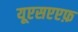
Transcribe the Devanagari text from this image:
यूएसएएफ़
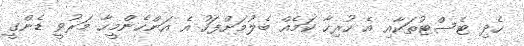
ހެދި ޓެސްޓުތަކާއި އެ ހުރިހާ ކަމެއް ބެލުމަށްފަހު އެ އަންހެންމީހާ މަރުވީ ޑެންގީ
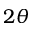
2 \theta
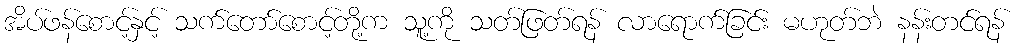
အိပ်ဖန်စောင့်နှင့် သက်တော်စောင့်တို့က သူ့ကို သတ်ဖြတ်ရန် လာရောက်ခြင်း မဟုတ်ဘဲ နန်းတင်ရန်
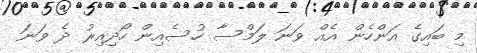
މި ބައިގެ އަންހެން އެއް ވަނަ ލަމްސާ ހުސެއިން ހޯދިއިރު ދެ ވަނަ
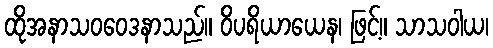
ထိုအနာသဝဝေဒနာသည်။ ဝိပရိယာယေန၊ ဖြင့်။ သာသဝါယ၊
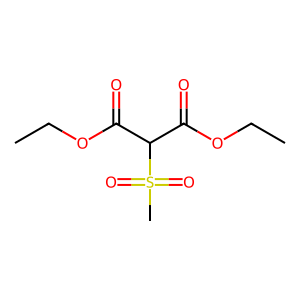
SMILES: CCOC(=O)C(C(=O)OCC)S(C)(=O)=O
Inhibits HIV replication: No
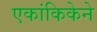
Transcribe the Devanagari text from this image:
एकांकिकेने
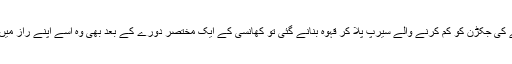
جب چھوٹی اسے کھانسی اور سینے کی جکڑن کو کم کرنے والے سیرپ پلا کر قہوہ بنانے گئی تو کھانسی کے ایک مختصر دورے کے بعد بھی وہ اسے اپنے راز میں شریک کرنے کا فیصلہ نہ کرپائی۔
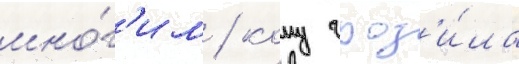
мно́г'им / кому гроз'и́ла

*WORK ITEM*
In the printed copy, the material above must appear unchanged and without its pictures.

*ANSWER BOX*
Transcribe the Devanagari text from this image:
यूएसएएफ़
ހެދި ޓެސްޓުތަކާއި އެ ހުރިހާ ކަމެއް ބެލުމަށްފަހު އެ އަންހެންމީހާ މަރުވީ ޑެންގީ
2 \theta
အိပ်ဖန်စောင့်နှင့် သက်တော်စောင့်တို့က သူ့ကို သတ်ဖြတ်ရန် လာရောက်ခြင်း မဟုတ်ဘဲ နန်းတင်ရန်
މި ބައިގެ އަންހެން އެއް ވަނަ ލަމްސާ ހުސެއިން ހޯދިއިރު ދެ ވަނަ
ထိုအနာသဝဝေဒနာသည်။ ဝိပရိယာယေန၊ ဖြင့်။ သာသဝါယ၊
SMILES: CCOC(=O)C(C(=O)OCC)S(C)(=O)=O
Inhibits HIV replication: No
Transcribe the Devanagari text from this image:
एकांकिकेने
جب چھوٹی اسے کھانسی اور سینے کی جکڑن کو کم کرنے والے سیرپ پلا کر قہوہ بنانے گئی تو کھانسی کے ایک مختصر دورے کے بعد بھی وہ اسے اپنے راز میں شریک کرنے کا فیصلہ نہ کرپائی۔
мно́г'им / кому гроз'и́ла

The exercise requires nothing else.